And perhaps most importantly, the dividend gives an investor ample reason to wait while the valuation catches up to peers.

Share repurchases are another important source of shareholder returns. Capital Power hasn't delivered as well on that front. The company regularly announces share repurchase programs, but they're more than offset by using shares to pay for a portion of recent acquisitions. According to recent income statements , diluted shares outstanding have increased from 101.1M at the end of 2017 to 117.2M at the end of 2022.

Risks

There are three risks in this stock I'd like to highlight.

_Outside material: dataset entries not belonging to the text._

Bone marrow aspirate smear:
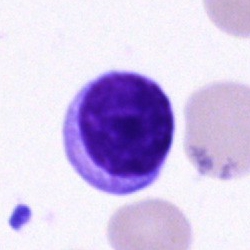
Single cell identified as a typical lymphocyte.
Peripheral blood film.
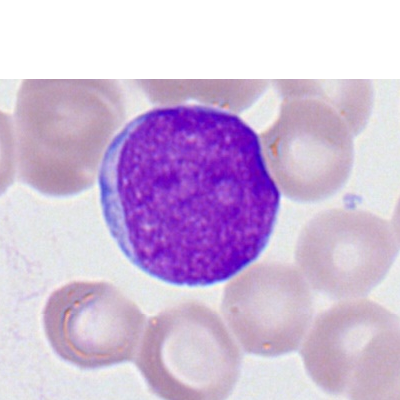 Specimen: peripheral blood film.
Cell: myeloid blast.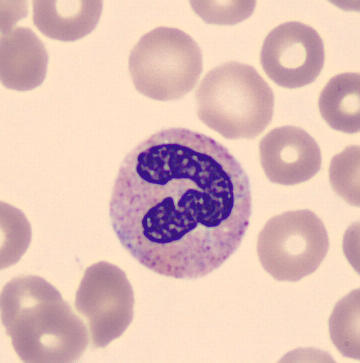
Specimen: peripheral blood smear.
Cell: band-form neutrophil.

Preparation: Single cell centered in the field.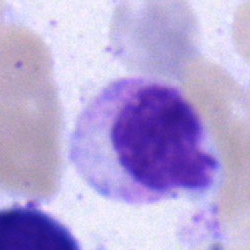

Specimen: bone marrow aspirate smear.
Cell: metamyelocyte.
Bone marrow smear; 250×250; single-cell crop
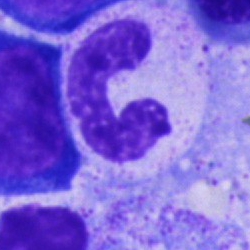

The classification is stab cell.
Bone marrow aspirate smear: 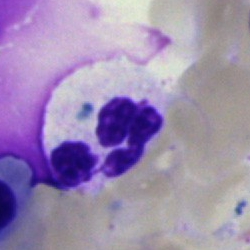 This is a polymorphonuclear neutrophil.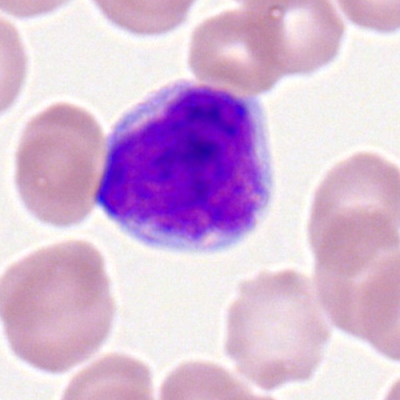 This is a myeloid blast.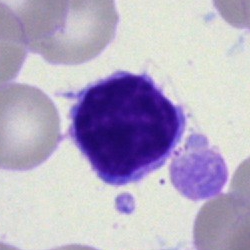

{"cell_type": "typical lymphocyte", "lineage": "lymphoid"}

The first is the Alberta power market, one of the few markets left in North America where market prices are solely based on supply and demand. This floating rate has helped the bottom line of late as prices have been strong, with prices expected to stay relatively strong for the next few years.

Investor Presentation

Capital Power can also mitigate the risk of lower prices by signing long-term supply contracts with certain key customers. This is an effective hedge for big power users, but many households and smaller businesses choose a floating rate option since those rates have historically been cheaper.

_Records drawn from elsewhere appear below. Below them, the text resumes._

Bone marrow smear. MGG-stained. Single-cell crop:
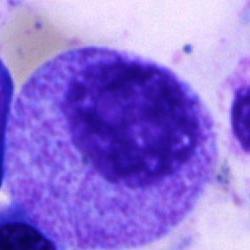The cell shown is a promyelocyte.
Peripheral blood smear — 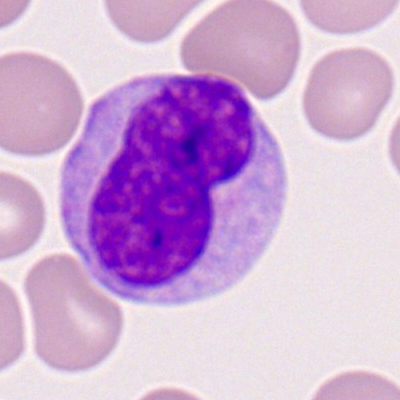

Cell type — monocyte.
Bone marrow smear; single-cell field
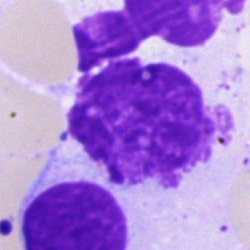

Classification: artefact.
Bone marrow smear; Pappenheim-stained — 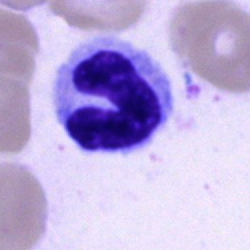Neutrophil (band).

If Alberta sees a nasty recession its likely power prices in the province will head lower, a move that will impact Capital Power's bottom line.

The second risk is higher interest rates. As of December 31st, 2022, the company had $3.9B worth of debt, offset by about $300M in cash. Higher interest rates mean lower profitability as debt gets refinanced.

The good news is the company has only about $1B worth of debt maturities from now until 2026, and then no debt coming due after that until 2029. It's a very manageable problem.

Investor Presentation

The third risk is, as mentioned, execution risk. Although Capital Power does have a demonstrated history acquiring, developing, and managing power plants effectively, just one screw up can undo many years of meticulous work.

Additionally, the architect of the current expansion plan, CEO Brian Grasso, has recently announced his retirement. He will be replaced by Avik Dey, an unknown entity. The new CEO has an impressive resume, but investors will likely need a little bit of time to judge his performance before coming to any conclusions.

Conclusion

Capital Power has delivered excellent growth since its 2009 IPO, especially after 2015 as the company intensified its efforts to diversify away from Alberta. Despite solid execution and significant growth over time, the stock trades at one of the lowest free cash flow multiples on the entire Toronto Stock Exchange, and much cheaper than its competitors.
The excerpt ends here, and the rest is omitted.